Differential Diagnosis for Vertical Nystagmus
Single Most Likely Diagnosis
- Brainstem or cerebellar lesion: This is often the most common cause of vertical nystagmus due to the involvement of the brainstem or cerebellum, which are critical for controlling eye movements.
Other Likely Diagnoses
- Multiple sclerosis: This condition can cause lesions in the brainstem or cerebellum, leading to vertical nystagmus.
- Stroke: A stroke affecting the brainstem or cerebellum can result in vertical nystagmus.
- Wernicke's encephalopathy: This condition, often related to thiamine deficiency, can cause vertical nystagmus among other neurological symptoms.
Do Not Miss Diagnoses
- Brainstem stroke or hemorrhage: Although less common, missing a brainstem stroke or hemorrhage could be catastrophic due to the high risk of rapid deterioration and death.
- Central nervous system infection (e.g., meningitis, encephalitis): Infections in the CNS can present with a wide range of symptoms, including vertical nystagmus, and require prompt treatment to prevent serious complications or death.

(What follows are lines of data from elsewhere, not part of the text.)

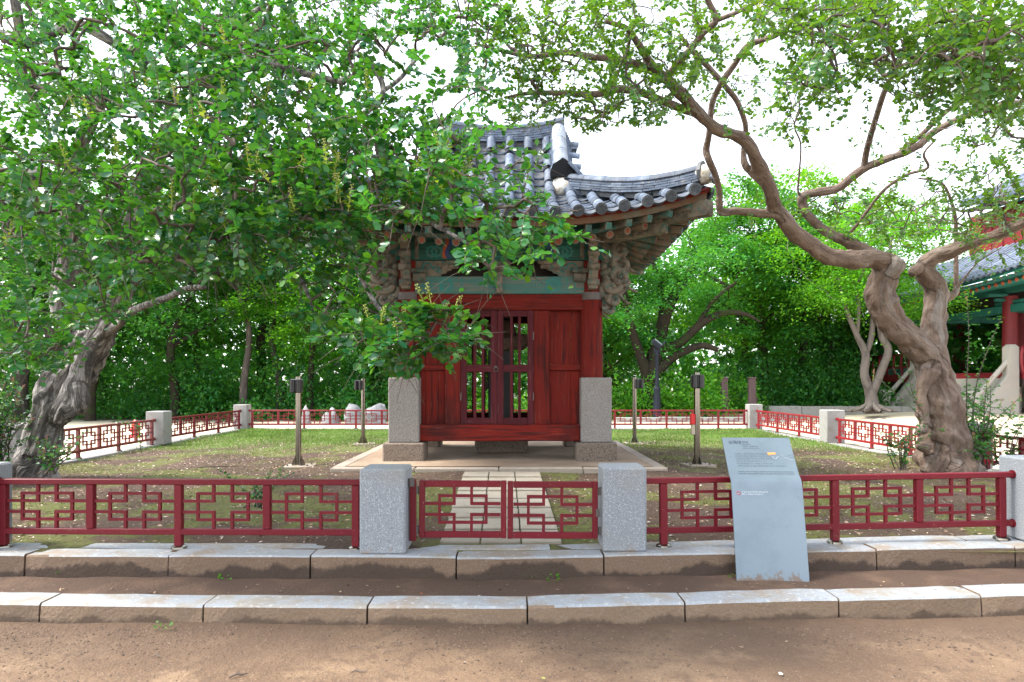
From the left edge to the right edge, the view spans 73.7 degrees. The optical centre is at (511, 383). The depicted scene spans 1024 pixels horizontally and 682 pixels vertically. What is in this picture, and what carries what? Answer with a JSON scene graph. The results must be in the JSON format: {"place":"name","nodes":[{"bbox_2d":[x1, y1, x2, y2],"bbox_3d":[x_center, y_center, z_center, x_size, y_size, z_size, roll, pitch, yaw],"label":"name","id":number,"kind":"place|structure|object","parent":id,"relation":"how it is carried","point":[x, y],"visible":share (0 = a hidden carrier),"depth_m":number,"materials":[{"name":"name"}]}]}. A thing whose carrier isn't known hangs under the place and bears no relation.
{"place":"outdoors","nodes":[
{"label":"outdoors","id":0,"kind":"place"},
{"bbox_2d":[130,419,141,437],"bbox_3d":[-9.378,1.125,16.992,0.273,0.470,0.297,0,0,0],"label":"red standpipe","id":1,"kind":"object","parent":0,"point":[133,429],"visible":0.22,"depth_m":16.91,"materials":[{"name":"red metal"}]},
{"bbox_2d":[0,604,1023,681],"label":"path","id":2,"kind":"structure","parent":0,"point":[287,656],"depth_m":4.06,"materials":[{"name":"brown soil"}]},
{"bbox_2d":[152,620,172,628],"bbox_3d":[-2.250,1.559,4.420,0.129,0.047,0.099,0,0,21],"label":"clover tuft","id":3,"kind":"object","parent":2,"relation":"on","point":[157,621],"visible":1,"depth_m":4.41,"materials":[{"name":"green plant"}]},
{"bbox_2d":[228,671,247,677],"bbox_3d":[-1.497,1.588,3.733,0.101,0.019,0.035,0,0,-27],"label":"fallen twig","id":4,"kind":"object","parent":2,"relation":"on","point":[238,673],"visible":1,"depth_m":3.72,"materials":[{"name":"brown wood"}]},
{"bbox_2d":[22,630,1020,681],"bbox_3d":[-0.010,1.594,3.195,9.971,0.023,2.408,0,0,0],"label":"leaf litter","id":5,"kind":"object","parent":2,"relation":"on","point":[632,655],"visible":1,"depth_m":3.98,"materials":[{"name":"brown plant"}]},
{"bbox_2d":[0,388,1023,469],"bbox_3d":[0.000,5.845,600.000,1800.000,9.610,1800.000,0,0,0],"label":"terrain","id":6,"kind":"structure","parent":0,"point":[905,418],"depth_m":20.87,"materials":[{"name":"beige soil"}]},
{"bbox_2d":[0,160,92,418],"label":"forest tree","id":7,"kind":"object","parent":6,"relation":"on","point":[24,391],"visible":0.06,"depth_m":25.78,"materials":[{"name":"green plant"}]},
{"bbox_2d":[0,195,184,420],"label":"forest tree","id":8,"kind":"object","parent":6,"relation":"on","point":[90,414],"visible":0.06,"depth_m":24.51,"materials":[{"name":"green plant"}]},
{"bbox_2d":[0,163,203,408],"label":"forest tree","id":9,"kind":"object","parent":6,"relation":"on","point":[96,191],"visible":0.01,"depth_m":30.40,"materials":[{"name":"green plant"}]},
{"bbox_2d":[88,183,266,403],"bbox_3d":[-15.400,-3.541,30.835,10.393,11.387,9.553,0,0,-11],"label":"forest tree","id":10,"kind":"object","parent":6,"relation":"on","point":[222,342],"visible":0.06,"depth_m":30.10,"materials":[{"name":"green plant"}]},
{"bbox_2d":[107,185,278,419],"bbox_3d":[-12.799,-2.589,25.907,7.855,9.437,7.782,0,0,-17],"label":"forest tree","id":11,"kind":"object","parent":6,"relation":"on","point":[171,309],"visible":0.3,"depth_m":25.04,"materials":[{"name":"green plant"}]},
{"bbox_2d":[0,333,476,421],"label":"undergrowth","id":12,"kind":"object","parent":6,"relation":"on","point":[201,404],"visible":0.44,"depth_m":25.77,"materials":[{"name":"green plant"}]},
{"bbox_2d":[152,155,336,412],"bbox_3d":[-11.344,-3.571,30.449,9.818,11.797,9.727,0,0,-29],"label":"forest tree","id":13,"kind":"object","parent":6,"relation":"on","point":[261,353],"visible":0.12,"depth_m":29.41,"materials":[{"name":"green plant"}]},
{"bbox_2d":[187,150,319,403],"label":"forest tree","id":14,"kind":"object","parent":6,"relation":"on","point":[245,371],"visible":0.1,"depth_m":24.86,"materials":[{"name":"green plant"}]},
{"bbox_2d":[223,170,339,416],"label":"forest tree","id":15,"kind":"object","parent":6,"relation":"on","point":[274,345],"visible":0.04,"depth_m":27.37,"materials":[{"name":"green plant"}]},
{"bbox_2d":[207,229,393,419],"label":"forest tree","id":16,"kind":"object","parent":6,"relation":"on","point":[289,329],"visible":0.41,"depth_m":24.81,"materials":[{"name":"green plant"}]},
{"bbox_2d":[301,405,310,422],"bbox_3d":[-6.833,1.054,22.604,0.375,0.731,0.269,0,0,21],"label":"rock","id":17,"kind":"object","parent":6,"relation":"on","point":[306,413],"visible":0.33,"depth_m":22.51,"materials":[{"name":"grey stone"}]},
{"bbox_2d":[255,236,387,402],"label":"forest tree","id":18,"kind":"object","parent":6,"relation":"on","point":[331,303],"visible":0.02,"depth_m":30.26,"materials":[{"name":"green plant"}]},
{"bbox_2d":[322,407,339,422],"bbox_3d":[-6.004,1.097,22.596,0.584,0.646,0.440,0,0,0],"label":"rock","id":19,"kind":"object","parent":6,"relation":"on","point":[332,420],"visible":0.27,"depth_m":22.49,"materials":[{"name":"grey stone"}]},
{"bbox_2d":[344,403,360,422],"bbox_3d":[-5.238,1.036,22.603,0.633,0.767,0.567,0,0,0],"label":"rock","id":20,"kind":"object","parent":6,"relation":"on","point":[352,407],"visible":0.4,"depth_m":22.45,"materials":[{"name":"grey stone"}]},
{"bbox_2d":[365,403,386,422],"bbox_3d":[-4.521,1.032,22.587,0.830,0.776,0.630,0,0,0],"label":"rock","id":21,"kind":"object","parent":6,"relation":"on","point":[379,406],"visible":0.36,"depth_m":22.40,"materials":[{"name":"grey stone"}]},
{"bbox_2d":[293,237,470,403],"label":"forest tree","id":22,"kind":"object","parent":6,"relation":"on","point":[360,375],"visible":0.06,"depth_m":26.43,"materials":[{"name":"green plant"}]},
{"bbox_2d":[337,275,480,369],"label":"forest tree","id":23,"kind":"object","parent":6,"relation":"on","point":[369,307],"visible":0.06,"depth_m":24.64,"materials":[{"name":"green plant"}]},
{"bbox_2d":[467,324,526,405],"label":"forest tree","id":24,"kind":"object","parent":6,"relation":"on","point":[479,354],"visible":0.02,"depth_m":28.91,"materials":[{"name":"green plant"}]},
{"bbox_2d":[330,441,667,473],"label":"platform","id":25,"kind":"structure","parent":6,"relation":"on","point":[538,453],"depth_m":10.02,"materials":[{"name":"beige stone"}]},
{"bbox_2d":[279,117,714,460],"bbox_3d":[-0.185,-1.619,11.300,5.753,5.598,5.032,0,0,0],"label":"shrine","id":26,"kind":"object","parent":25,"relation":"on","point":[636,225],"visible":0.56,"depth_m":10.09,"materials":[{"name":"wood"}]},
{"bbox_2d":[460,311,496,423],"bbox_3d":[-0.494,-0.242,10.141,0.543,1.685,0.059,0,0,0],"label":"door","id":27,"kind":"structure","parent":26,"relation":"in","point":[465,368],"depth_m":10.12,"materials":[{"name":"red wood"}]},
{"bbox_2d":[493,311,533,423],"bbox_3d":[0.024,-0.242,10.135,0.603,1.685,0.070,0,0,0],"label":"door","id":28,"kind":"structure","parent":26,"relation":"in","point":[529,368],"depth_m":10.12,"materials":[{"name":"red wood"}]},
{"bbox_2d":[475,312,527,451],"bbox_3d":[-0.185,-0.020,11.525,0.922,2.360,0.650,0,0,0],"label":"stele","id":29,"kind":"object","parent":25,"relation":"on","point":[501,446],"visible":0.43,"depth_m":11.31,"materials":[{"name":"stone"}]},
{"bbox_2d":[0,149,1021,413],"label":"woods","id":30,"kind":"object","parent":6,"relation":"on","point":[980,339],"visible":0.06,"depth_m":35.17,"materials":[{"name":"green plant"}]},
{"bbox_2d":[0,584,1023,624],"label":"kerb","id":31,"kind":"structure","parent":6,"relation":"on","point":[990,600],"depth_m":4.57,"materials":[{"name":"stone"}]},
{"bbox_2d":[0,540,1023,579],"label":"kerb","id":32,"kind":"structure","parent":6,"relation":"on","point":[414,563],"depth_m":5.18,"materials":[{"name":"stone"}]},
{"bbox_2d":[0,462,11,541],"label":"stone post","id":33,"kind":"object","parent":32,"relation":"on","point":[5,469],"visible":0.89,"depth_m":5.56,"materials":[{"name":"stone"}]},
{"bbox_2d":[360,464,411,553],"bbox_3d":[-0.985,0.975,5.360,0.350,0.650,0.350,0,0,0],"label":"stone post","id":34,"kind":"object","parent":32,"relation":"on","point":[384,508],"visible":0.98,"depth_m":5.18,"materials":[{"name":"stone"}]},
{"bbox_2d":[408,478,416,540],"bbox_3d":[-0.785,0.985,5.343,0.066,0.490,0.085,0,0,0],"label":"hinge post","id":35,"kind":"object","parent":34,"relation":"attached to","point":[412,483],"visible":0.98,"depth_m":5.33,"materials":[{"name":"red metal"}]},
{"bbox_2d":[416,480,506,537],"bbox_3d":[-0.403,0.984,5.360,0.720,0.452,0.042,0,0,0],"label":"gate leaf","id":36,"kind":"object","parent":35,"relation":"attached to","point":[420,527],"visible":1,"depth_m":5.34,"materials":[{"name":"red metal"}]},
{"bbox_2d":[598,463,645,551],"bbox_3d":[0.868,0.970,5.410,0.335,0.650,0.335,0,0,0],"label":"stone post","id":37,"kind":"object","parent":32,"relation":"on","point":[622,508],"visible":1,"depth_m":5.24,"materials":[{"name":"stone"}]},
{"bbox_2d":[507,481,600,538],"bbox_3d":[0.337,0.991,5.360,0.744,0.451,0.042,0,0,0],"label":"gate leaf","id":38,"kind":"object","parent":37,"relation":"attached to","point":[596,529],"visible":0.96,"depth_m":5.34,"materials":[{"name":"red metal"}]},
{"bbox_2d":[596,509,599,516],"bbox_3d":[0.670,1.010,5.333,0.030,0.060,0.007,0,0,0],"label":"gate latch","id":39,"kind":"object","parent":38,"relation":"attached to","point":[597,512],"visible":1,"depth_m":5.33,"materials":[{"name":"metal"}]},
{"bbox_2d":[0,567,1023,603],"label":"soil strip","id":40,"kind":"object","parent":6,"relation":"on","point":[603,584],"visible":0.61,"depth_m":4.99,"materials":[{"name":"brown soil"}]},
{"bbox_2d":[13,581,1002,593],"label":"leaf litter","id":41,"kind":"object","parent":40,"relation":"on","point":[482,585],"visible":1,"depth_m":4.89,"materials":[{"name":"brown plant"}]},
{"bbox_2d":[60,578,1011,595],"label":"gravel","id":42,"kind":"structure","parent":40,"relation":"on","point":[402,595],"depth_m":4.85,"materials":[{"name":"grey gravel"}]},
{"bbox_2d":[722,438,809,581],"bbox_3d":[1.950,0.989,5.274,0.536,1.108,0.459,0,0,3],"label":"information sign","id":43,"kind":"object","parent":40,"relation":"on","point":[770,542],"visible":1,"depth_m":5.17,"materials":[{"name":"grey metal"}]},
{"bbox_2d":[11,535,1018,552],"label":"kerb","id":44,"kind":"structure","parent":6,"relation":"on","point":[850,540],"depth_m":5.50,"materials":[{"name":"stone"}]},
{"bbox_2d":[0,477,359,549],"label":"red railing","id":45,"kind":"object","parent":44,"relation":"on","point":[178,531],"visible":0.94,"depth_m":5.39,"materials":[{"name":"metal"}]},
{"bbox_2d":[646,470,1015,547],"bbox_3d":[2.582,1.001,5.502,3.099,0.591,0.124,0,0,-3],"label":"red railing","id":46,"kind":"object","parent":44,"relation":"on","point":[835,526],"visible":0.81,"depth_m":5.50,"materials":[{"name":"metal"}]},
{"bbox_2d":[999,455,1023,540],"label":"stone post","id":47,"kind":"object","parent":44,"relation":"on","point":[1015,496],"visible":0.67,"depth_m":5.56,"materials":[{"name":"stone"}]},
{"bbox_2d":[59,428,998,471],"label":"kerb","id":48,"kind":"structure","parent":6,"relation":"on","point":[101,454],"depth_m":14.29,"materials":[{"name":"stone"}]},
{"bbox_2d":[1,423,24,461],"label":"stone post","id":49,"kind":"object","parent":48,"relation":"on","point":[13,442],"visible":0.17,"depth_m":10.01,"materials":[{"name":"stone"}]},
{"bbox_2d":[62,419,155,458],"bbox_3d":[-7.525,1.022,12.450,0.122,0.564,4.082,0,0,-2],"label":"red railing","id":50,"kind":"object","parent":48,"relation":"on","point":[117,445],"visible":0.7,"depth_m":12.79,"materials":[{"name":"brown metal"}]},
{"bbox_2d":[146,411,171,444],"bbox_3d":[-7.600,0.945,14.700,0.390,0.710,0.390,0,0,0],"label":"stone post","id":51,"kind":"object","parent":48,"relation":"on","point":[163,429],"visible":0.94,"depth_m":14.51,"materials":[{"name":"stone"}]},
{"bbox_2d":[172,410,240,437],"bbox_3d":[-7.690,1.022,17.205,0.122,0.564,4.592,0,0,-2],"label":"red railing","id":52,"kind":"object","parent":48,"relation":"on","point":[217,419],"visible":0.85,"depth_m":17.18,"materials":[{"name":"metal"}]},
{"bbox_2d":[233,404,250,428],"bbox_3d":[-7.780,0.950,19.700,0.387,0.700,0.387,0,0,0],"label":"stone post","id":53,"kind":"object","parent":48,"relation":"on","point":[245,417],"visible":0.78,"depth_m":19.51,"materials":[{"name":"stone"}]},
{"bbox_2d":[249,409,747,428],"bbox_3d":[-0.395,1.022,19.700,14.390,0.564,0.124,0,0,0],"label":"red railing","id":54,"kind":"object","parent":48,"relation":"on","point":[666,418],"visible":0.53,"depth_m":19.68,"materials":[{"name":"metal"}]},
{"bbox_2d":[745,404,762,428],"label":"stone post","id":55,"kind":"object","parent":48,"relation":"on","point":[751,417],"visible":0.7,"depth_m":19.51,"materials":[{"name":"stone"}]},
{"bbox_2d":[756,410,818,436],"bbox_3d":[7.045,1.022,17.435,0.122,0.564,4.131,0,0,-1],"label":"red railing","id":56,"kind":"object","parent":48,"relation":"on","point":[767,417],"visible":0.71,"depth_m":17.41,"materials":[{"name":"metal"}]},
{"bbox_2d":[819,409,844,442],"bbox_3d":[7.100,0.940,15.150,0.407,0.720,0.407,0,0,0],"label":"stone post","id":57,"kind":"object","parent":48,"relation":"on","point":[828,427],"visible":0.96,"depth_m":14.95,"materials":[{"name":"stone"}]},
{"bbox_2d":[836,418,917,455],"bbox_3d":[7.145,1.022,12.895,0.121,0.564,4.071,0,0,-1],"label":"red railing","id":58,"kind":"object","parent":48,"relation":"on","point":[841,431],"visible":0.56,"depth_m":13.53,"materials":[{"name":"metal"}]},
{"bbox_2d":[972,422,992,467],"bbox_3d":[7.190,0.950,10.650,0.380,0.700,0.380,0,0,0],"label":"stone post","id":59,"kind":"object","parent":48,"relation":"on","point":[983,441],"visible":0.08,"depth_m":10.46,"materials":[{"name":"stone"}]},
{"bbox_2d":[982,434,1023,469],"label":"red railing","id":60,"kind":"object","parent":48,"relation":"on","point":[1021,448],"visible":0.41,"depth_m":9.92,"materials":[{"name":"metal"}]},
{"bbox_2d":[468,319,621,409],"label":"forest tree","id":61,"kind":"object","parent":6,"relation":"on","point":[604,357],"visible":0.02,"depth_m":27.40,"materials":[{"name":"green plant"}]},
{"bbox_2d":[467,361,770,417],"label":"undergrowth","id":62,"kind":"object","parent":6,"relation":"on","point":[708,401],"visible":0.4,"depth_m":25.54,"materials":[{"name":"green plant"}]},
{"bbox_2d":[602,290,679,383],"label":"forest tree","id":63,"kind":"object","parent":6,"relation":"on","point":[620,358],"visible":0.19,"depth_m":29.65,"materials":[{"name":"green plant"}]},
{"bbox_2d":[603,253,693,412],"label":"forest tree","id":64,"kind":"object","parent":6,"relation":"on","point":[613,370],"visible":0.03,"depth_m":32.84,"materials":[{"name":"green plant"}]},
{"bbox_2d":[651,338,665,416],"bbox_3d":[5.140,-0.122,23.950,0.492,2.945,0.411,0,0,13],"label":"floodlight post","id":65,"kind":"object","parent":6,"relation":"on","point":[656,343],"visible":0.91,"depth_m":23.93,"materials":[{"name":"grey metal"}]},
{"bbox_2d":[616,417,784,422],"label":"kerb","id":66,"kind":"structure","parent":6,"relation":"on","point":[653,419],"depth_m":23.56,"materials":[{"name":"stone"}]},
{"bbox_2d":[602,179,807,414],"bbox_3d":[4.949,-3.353,26.167,12.780,9.112,8.635,0,0,0],"label":"spreading tree","id":67,"kind":"object","parent":6,"relation":"on","point":[683,284],"visible":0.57,"depth_m":26.11,"materials":[{"name":"green plant"}]},
{"bbox_2d":[719,377,729,413],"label":"newel post","id":68,"kind":"object","parent":6,"relation":"on","point":[723,382],"visible":0.62,"depth_m":24.88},
{"bbox_2d":[620,178,864,385],"bbox_3d":[9.775,-3.566,31.669,9.553,11.387,10.393,0,0,-44],"label":"forest tree","id":69,"kind":"object","parent":6,"relation":"on","point":[744,341],"visible":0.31,"depth_m":29.62,"materials":[{"name":"green plant"}]},
{"bbox_2d":[709,414,775,416],"bbox_3d":[8.400,1.210,24.725,2.400,0.220,0.450,0,0,0],"label":"timber edging","id":70,"kind":"object","parent":6,"relation":"on","point":[735,416],"visible":0.16,"depth_m":24.75,"materials":[{"name":"brown wood"}]},
{"bbox_2d":[747,377,757,403],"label":"newel post","id":71,"kind":"object","parent":6,"relation":"on","point":[752,398],"visible":0.74,"depth_m":24.88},
{"bbox_2d":[671,167,904,405],"bbox_3d":[11.167,-3.421,29.083,9.426,11.325,9.338,0,0,-9],"label":"forest tree","id":72,"kind":"object","parent":6,"relation":"on","point":[799,331],"visible":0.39,"depth_m":28.36,"materials":[{"name":"green plant"}]},
{"bbox_2d":[716,336,899,412],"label":"undergrowth","id":73,"kind":"object","parent":6,"relation":"on","point":[811,391],"visible":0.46,"depth_m":28.20,"materials":[{"name":"green plant"}]},
{"bbox_2d":[711,159,934,385],"bbox_3d":[14.399,-4.164,31.039,11.352,12.438,10.435,0,0,-3],"label":"forest tree","id":74,"kind":"object","parent":6,"relation":"on","point":[811,176],"visible":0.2,"depth_m":29.64,"materials":[{"name":"green plant"}]},
{"bbox_2d":[778,194,886,386],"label":"forest tree","id":75,"kind":"object","parent":6,"relation":"on","point":[841,199],"visible":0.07,"depth_m":32.74,"materials":[{"name":"green plant"}]},
{"bbox_2d":[764,406,915,417],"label":"paved ground","id":76,"kind":"structure","parent":6,"relation":"on","point":[809,410],"depth_m":26.05,"materials":[{"name":"stone"}]},
{"bbox_2d":[800,239,910,374],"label":"forest tree","id":77,"kind":"object","parent":6,"relation":"on","point":[854,350],"visible":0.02,"depth_m":34.35,"materials":[{"name":"green plant"}]},
{"bbox_2d":[740,177,1011,413],"bbox_3d":[13.147,-3.087,24.391,7.815,8.317,7.361,0,0,-37],"label":"maple tree","id":78,"kind":"object","parent":6,"relation":"on","point":[872,405],"visible":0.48,"depth_m":24.11,"materials":[{"name":"green plant"}]},
{"bbox_2d":[841,172,1023,414],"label":"pavilion","id":79,"kind":"structure","parent":6,"relation":"on","point":[1003,296],"depth_m":24.90,"materials":[{"name":"red paint"}]},
{"bbox_2d":[0,0,1023,387],"label":"sky","id":80,"kind":"structure","parent":0,"point":[679,146],"materials":[{"name":"white"}]},
{"bbox_2d":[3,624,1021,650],"bbox_3d":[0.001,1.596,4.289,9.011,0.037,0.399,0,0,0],"label":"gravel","id":81,"kind":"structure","parent":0,"point":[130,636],"depth_m":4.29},
{"bbox_2d":[10,429,1023,551],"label":"enclosure ground","id":82,"kind":"structure","parent":0,"point":[72,541],"depth_m":7.88,"materials":[{"name":"green plant"}]},
{"bbox_2d":[0,358,90,474],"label":"suckers","id":83,"kind":"object","parent":82,"relation":"on","point":[48,466],"visible":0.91,"depth_m":8.70,"materials":[{"name":"green plant"}]},
{"bbox_2d":[112,419,143,450],"bbox_3d":[-5.737,0.775,10.199,0.430,0.527,0.120,0,0,-40],"label":"seedling","id":84,"kind":"object","parent":82,"relation":"on","point":[139,426],"visible":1,"depth_m":10.29,"materials":[{"name":"green plant"}]},
{"bbox_2d":[198,466,233,467],"bbox_3d":[-4.337,1.227,10.142,0.600,0.022,0.046,0,0,-14],"label":"fallen twig","id":85,"kind":"object","parent":82,"relation":"on","point":[216,466],"visible":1,"depth_m":10.12,"materials":[{"name":"brown wood"}]},
{"bbox_2d":[215,467,293,508],"bbox_3d":[-2.476,0.991,6.583,0.689,0.382,0.410,0,0,-30],"label":"seedling","id":86,"kind":"object","parent":82,"relation":"on","point":[259,493],"visible":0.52,"depth_m":6.51,"materials":[{"name":"green plant"}]},
{"bbox_2d":[283,376,315,468],"bbox_3d":[-3.139,0.581,10.120,0.440,1.373,0.360,0,0,-9],"label":"sensor pole","id":87,"kind":"object","parent":82,"relation":"on","point":[296,385],"visible":0.94,"depth_m":10.06,"materials":[{"name":"beige metal"}]},
{"bbox_2d":[0,0,615,477],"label":"crape myrtle","id":88,"kind":"object","parent":82,"relation":"on","point":[116,248],"visible":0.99,"depth_m":4.80,"materials":[{"name":"green plant"}]},
{"bbox_2d":[354,378,374,444],"bbox_3d":[-3.034,0.589,14.020,0.440,1.390,0.360,0,0,-9],"label":"sensor pole","id":89,"kind":"object","parent":82,"relation":"on","point":[358,385],"visible":0.9,"depth_m":13.96,"materials":[{"name":"beige metal"}]},
{"bbox_2d":[118,427,861,453],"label":"grass","id":90,"kind":"structure","parent":82,"relation":"on","point":[354,436],"depth_m":16.36,"materials":[{"name":"green plant"}]},
{"bbox_2d":[440,472,561,543],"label":"slab path","id":91,"kind":"structure","parent":82,"relation":"on","point":[462,508],"depth_m":6.75,"materials":[{"name":"stone"}]},
{"bbox_2d":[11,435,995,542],"bbox_3d":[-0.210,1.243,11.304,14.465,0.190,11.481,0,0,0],"label":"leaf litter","id":92,"kind":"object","parent":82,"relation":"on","point":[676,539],"visible":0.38,"depth_m":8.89,"materials":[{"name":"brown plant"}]},
{"bbox_2d":[12,438,995,539],"bbox_3d":[-0.147,1.235,10.853,14.735,0.205,10.330,0,0,0],"label":"moss","id":93,"kind":"object","parent":82,"relation":"on","point":[830,470],"visible":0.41,"depth_m":10.00,"materials":[{"name":"green plant"}]},
{"bbox_2d":[625,377,647,443],"bbox_3d":[2.569,0.576,14.220,0.440,1.425,0.360,0,0,-9],"label":"sensor pole","id":94,"kind":"object","parent":82,"relation":"on","point":[637,383],"visible":0.91,"depth_m":14.16,"materials":[{"name":"beige metal"}]},
{"bbox_2d":[681,372,716,467],"bbox_3d":[2.812,0.551,10.320,0.440,1.444,0.360,0,0,-9],"label":"sensor pole","id":95,"kind":"object","parent":82,"relation":"on","point":[696,381],"visible":0.97,"depth_m":10.26,"materials":[{"name":"beige metal"}]},
{"bbox_2d":[410,0,1023,478],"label":"crape myrtle","id":96,"kind":"object","parent":82,"relation":"on","point":[978,46],"visible":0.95,"depth_m":6.92,"materials":[{"name":"green plant"}]},
{"bbox_2d":[872,354,921,416],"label":"suckers","id":97,"kind":"object","parent":96,"relation":"on","point":[898,395],"visible":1,"depth_m":9.48,"materials":[{"name":"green plant"}]},
{"bbox_2d":[870,413,933,470],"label":"suckers","id":98,"kind":"object","parent":82,"relation":"on","point":[903,462],"visible":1,"depth_m":9.36,"materials":[{"name":"green plant"}]},
{"bbox_2d":[937,296,1023,467],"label":"shrub","id":99,"kind":"object","parent":82,"relation":"on","point":[985,446],"visible":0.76,"depth_m":9.81,"materials":[{"name":"green plant"}]}
]}

- Increased intracranial pressure: Conditions causing increased intracranial pressure, such as a tumor or hydrocephalus, can lead to vertical nystagmus and are critical to diagnose early to prevent severe outcomes.
Rare Diagnoses
- Congenital nystagmus: Although typically horizontal, some forms of congenital nystagmus can have a vertical component.
- Paraneoplastic syndromes: Rarely, vertical nystagmus can be a presenting symptom of a paraneoplastic syndrome associated with certain cancers.
- Toxic or metabolic disorders: Certain toxins or metabolic disorders can affect the brainstem or cerebellum, leading to vertical nystagmus, though these are less common causes.